### WHAT YOU SHOULD DO
Take the entries below and retype them word for word, excluding the images.
Start of MATERIAL SHOWN
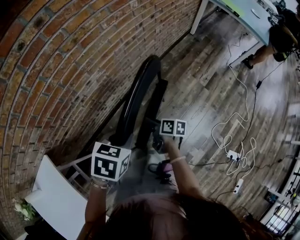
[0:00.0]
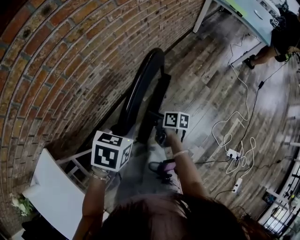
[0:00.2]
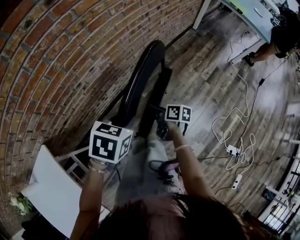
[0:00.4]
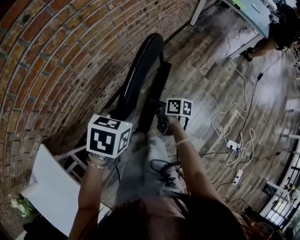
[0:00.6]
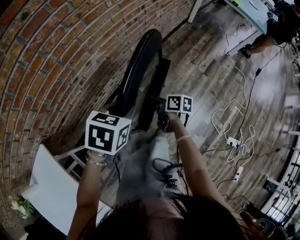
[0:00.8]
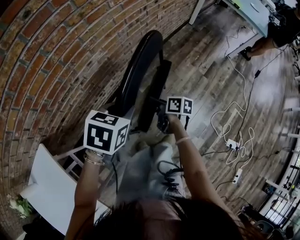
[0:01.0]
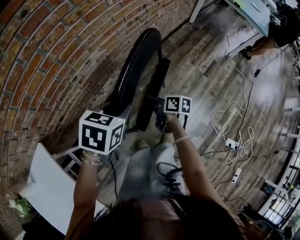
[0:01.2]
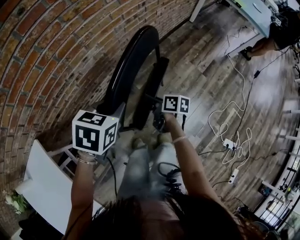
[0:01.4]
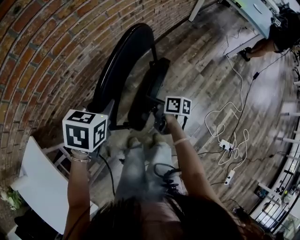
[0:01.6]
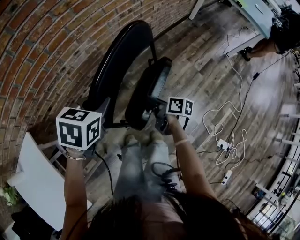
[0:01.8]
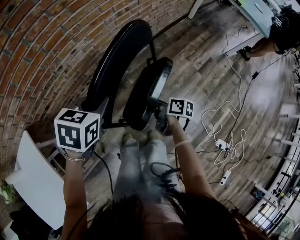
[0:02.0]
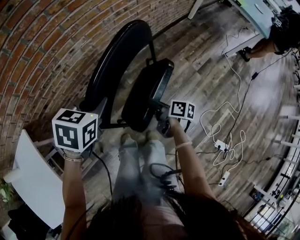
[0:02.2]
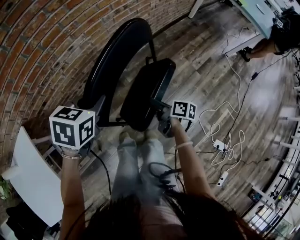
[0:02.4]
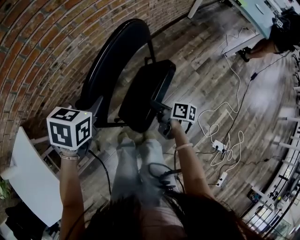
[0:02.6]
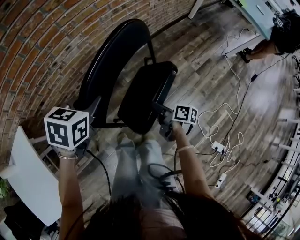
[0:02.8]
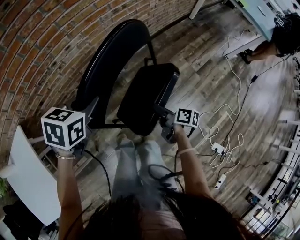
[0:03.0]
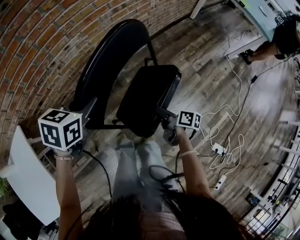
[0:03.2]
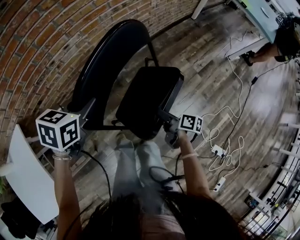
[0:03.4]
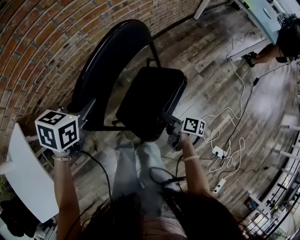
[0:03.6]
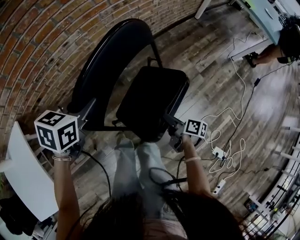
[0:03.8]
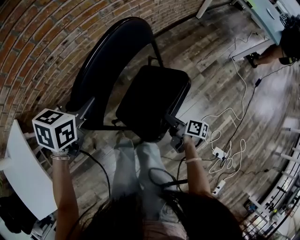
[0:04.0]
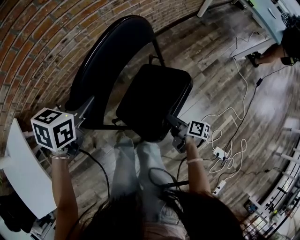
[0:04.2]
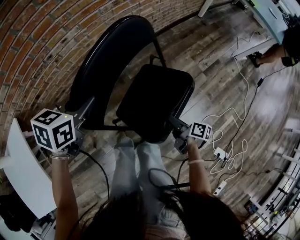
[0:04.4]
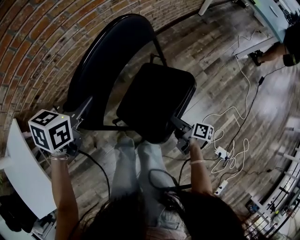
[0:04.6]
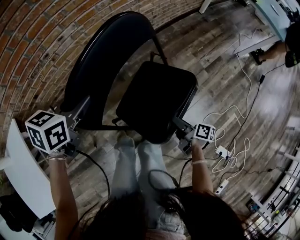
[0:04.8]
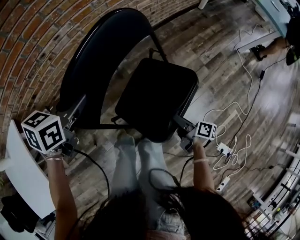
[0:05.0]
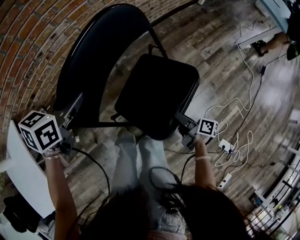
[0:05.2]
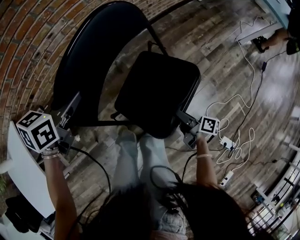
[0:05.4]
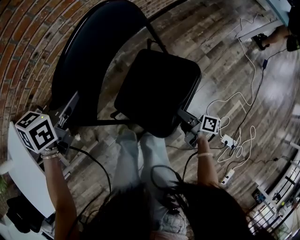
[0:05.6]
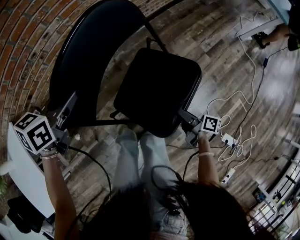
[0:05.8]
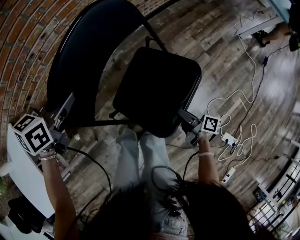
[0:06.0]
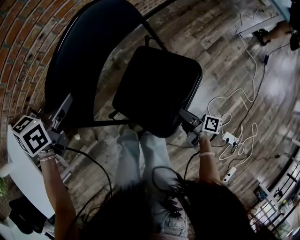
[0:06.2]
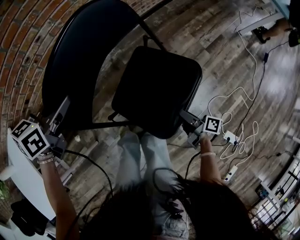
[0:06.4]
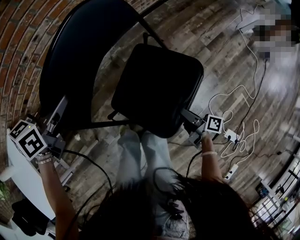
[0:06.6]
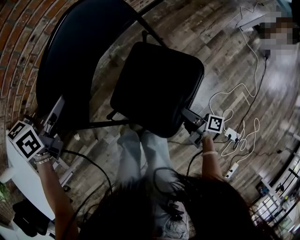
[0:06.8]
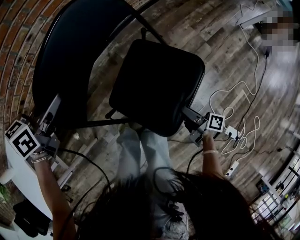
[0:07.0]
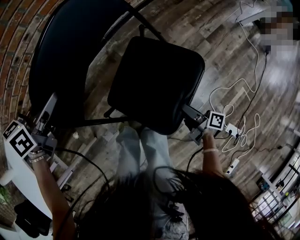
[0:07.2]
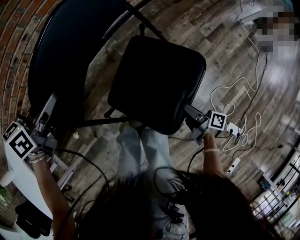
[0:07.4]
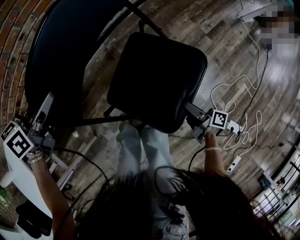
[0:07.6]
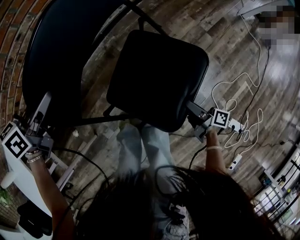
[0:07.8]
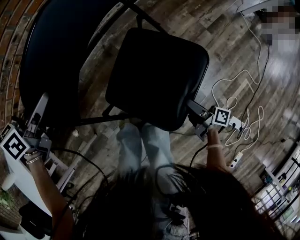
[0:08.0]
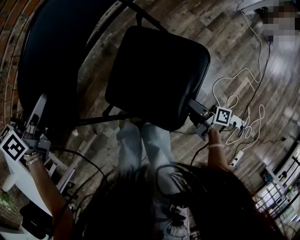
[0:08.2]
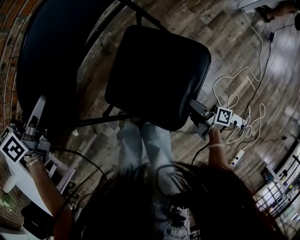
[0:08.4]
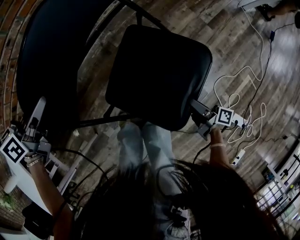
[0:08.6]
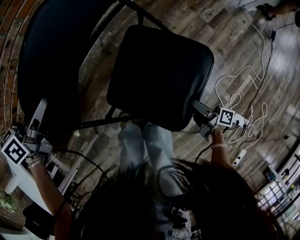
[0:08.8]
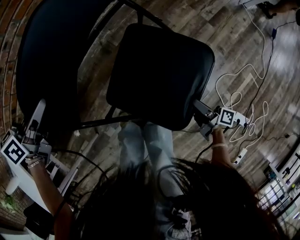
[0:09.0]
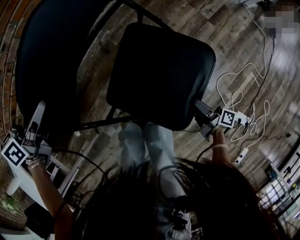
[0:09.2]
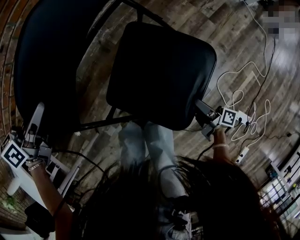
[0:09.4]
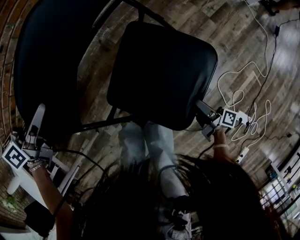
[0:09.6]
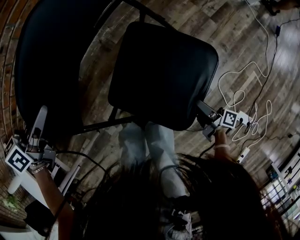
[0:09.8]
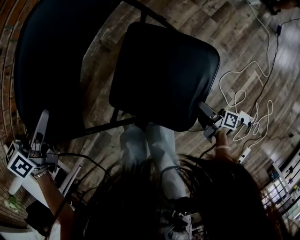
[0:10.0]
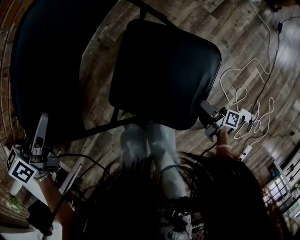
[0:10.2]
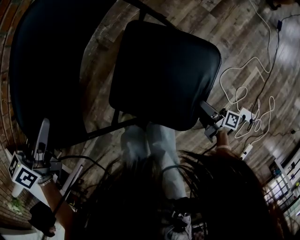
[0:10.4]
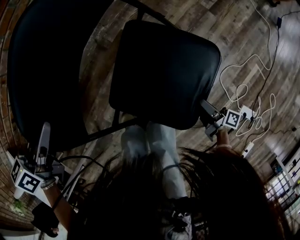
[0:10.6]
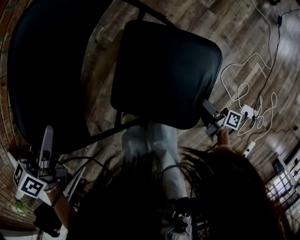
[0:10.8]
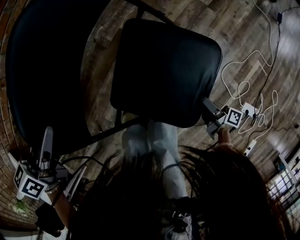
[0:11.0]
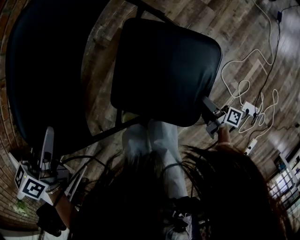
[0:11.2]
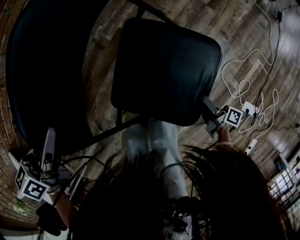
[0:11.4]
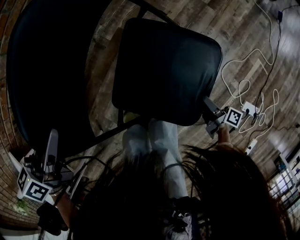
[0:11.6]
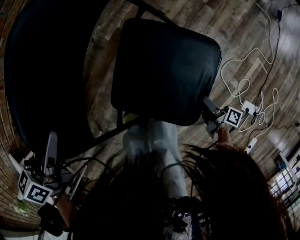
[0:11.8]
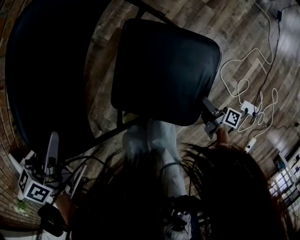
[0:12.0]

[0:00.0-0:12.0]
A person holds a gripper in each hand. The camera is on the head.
End of MATERIAL SHOWN
### RESPONSE
[0:00.0]
[0:00.2]
[0:00.4]
[0:00.6]
[0:00.8]
[0:01.0]
[0:01.2]
[0:01.4]
[0:01.6]
[0:01.8]
[0:02.0]
[0:02.2]
[0:02.4]
[0:02.6]
[0:02.8]
[0:03.0]
[0:03.2]
[0:03.4]
[0:03.6]
[0:03.8]
[0:04.0]
[0:04.2]
[0:04.4]
[0:04.6]
[0:04.8]
[0:05.0]
[0:05.2]
[0:05.4]
[0:05.6]
[0:05.8]
[0:06.0]
[0:06.2]
[0:06.4]
[0:06.6]
[0:06.8]
[0:07.0]
[0:07.2]
[0:07.4]
[0:07.6]
[0:07.8]
[0:08.0]
[0:08.2]
[0:08.4]
[0:08.6]
[0:08.8]
[0:09.0]
[0:09.2]
[0:09.4]
[0:09.6]
[0:09.8]
[0:10.0]
[0:10.2]
[0:10.4]
[0:10.6]
[0:10.8]
[0:11.0]
[0:11.2]
[0:11.4]
[0:11.6]
[0:11.8]
[0:12.0]

[0:00.0-0:12.0]
A person holds a gripper in each hand. The camera is on the head.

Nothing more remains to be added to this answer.